Search code examples
javascriptnode.jsmongodbaggregation-frameworkmongoskin

What's wrong with this mongoskin aggregation command?


I have a mongodb/mongoskin aggregation request as follows:

db.collection(customerTable + '_earnedinfluencers').aggregate([
    {
        $group: {
            _id: '$user',
            name: '', // to be filled separately
            username: '', // to be filled separately 
            picture: '', // to be filled separately
            city: '', // to be filled separately
            kids: { $sum: '$kids' },
            revenue: { $sum: '$dayIncome' },
            kidsRevRatio: { $divide: [ { $sum: '$kids' }, { $sum: '$dayIncome' } ] }
        }, 

        $match: {
            richness: { $gte: variable1 },
            kids: { $lt: variable2 },
            hobbies: { $in: ['hobby1', 'hobby2', 'hobby3', 'hobby4'] },
            event: { $in: schoolfestival },
            event: { $ne: 0 }
        },

        $project: {
            _id: 0,
            user: '$_id',
            name: 1,
            username: 1,
            picture: 1,
            city: 1,
            kids: 1,
            revenue: 1,
            kidsRevRatio: 1
        }
    }
], function(err, result) {
    // do something with err and result
});

The above code gives the following error:

Error: {"name":"MongoError","errmsg":"exception: A pipeline stage specification object must contain exactly one field.","code":16435,"ok":0}

I'm new to mongo and db in general, and can't tell what I did wrong.


Solution

  • Your pipeline arguments are unbalanced, each stage is a separate document so you need to wrap each one. But there are also a number of other problems

    db.collection(customerTable + '_earnedinfluencers').aggregate([
    
        { $match: {
                richness: { $gte: variable1 },
                kids: { $lt: variable2 },
                hobbies: { $in: ['hobby1', 'hobby2', 'hobby3', 'hobby4'] },
                event: { $in: schoolfestival },
        }},
    
        { $group: {
                _id: '$user',
                name: { '$first': '$name' },
                username: { '$first': '$username' },
                picture: { '$first': '$picture' },
                city: { '$first': '$city' }
                kids: { '$sum': '$kids' },
                revenue: { '$sum': '$dayIncome' },
                kidsSum: { '$sum': '$kids' },
        }}, 
    
    
        { $project: {
                _id: 0,
                user: '$_id',
                name: 1,
                username: 1,
                picture: 1,
                city: 1,
                revenue: 1,
                kidsSum: 1,
                kidsRevRatio: { $divide: [ '$kidsSum', '$revenue' ] }
        }}
    ], function(err, result) {
        // do something with err and result
    });
    

    You had the whole pipeline as one document where it in fact requires an array of documents as shown.

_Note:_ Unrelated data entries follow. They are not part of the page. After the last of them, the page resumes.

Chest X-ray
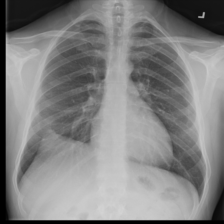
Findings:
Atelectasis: negative
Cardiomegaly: negative
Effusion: negative
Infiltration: negative
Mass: negative
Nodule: negative
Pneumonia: negative
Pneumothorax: negative
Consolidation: negative
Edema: negative
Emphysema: negative
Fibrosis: negative
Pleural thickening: negative
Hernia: negative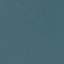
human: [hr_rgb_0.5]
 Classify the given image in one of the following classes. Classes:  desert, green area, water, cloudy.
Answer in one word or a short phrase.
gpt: water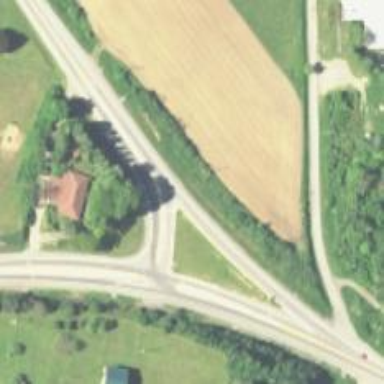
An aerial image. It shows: Primary highway.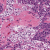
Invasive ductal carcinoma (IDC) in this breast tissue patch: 0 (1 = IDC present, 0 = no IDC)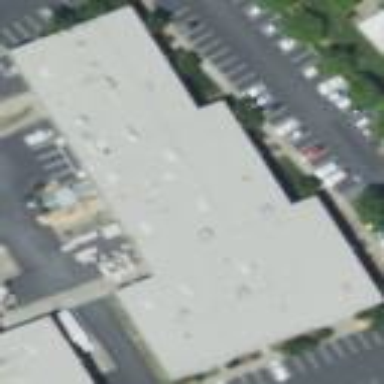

    But really you want to $match first in order to filter your results. If you really want to do some additional matching after a group then you add in an additional match to the pipeline afterwards.

    The $group operation requires that all fields outside of the _id grouping key need to have a "grouping operator" you cannot just get fields back by their own unless they are part of the _id you group on. Typically you want an operator such as $first or otherwise omit them completely.

    Top level grouping operators only, so operations like $divide are not a grouping operator. In order to to do this sort of thing when you are working with one or more $sum results you move this to a later $project using the fields with the calculated values.

    Also operations like project and group, "removes" fields from the pipeline and only preserves those you specifically include. So you cannot specify a field that is not there. This is one reason why the $match comes first as well as that is where you can use an index, and only ever at the start of the pipeline can this be done.

    But for each stage the only fields present will be those mentioned. As a further optimization the "optimizer" will from the start not include any fields present in your document that are not specifically mentioned. So only those referenced in the first match and group stages combined will be included for the rest of the pipline stages, and then possibly filtered down again.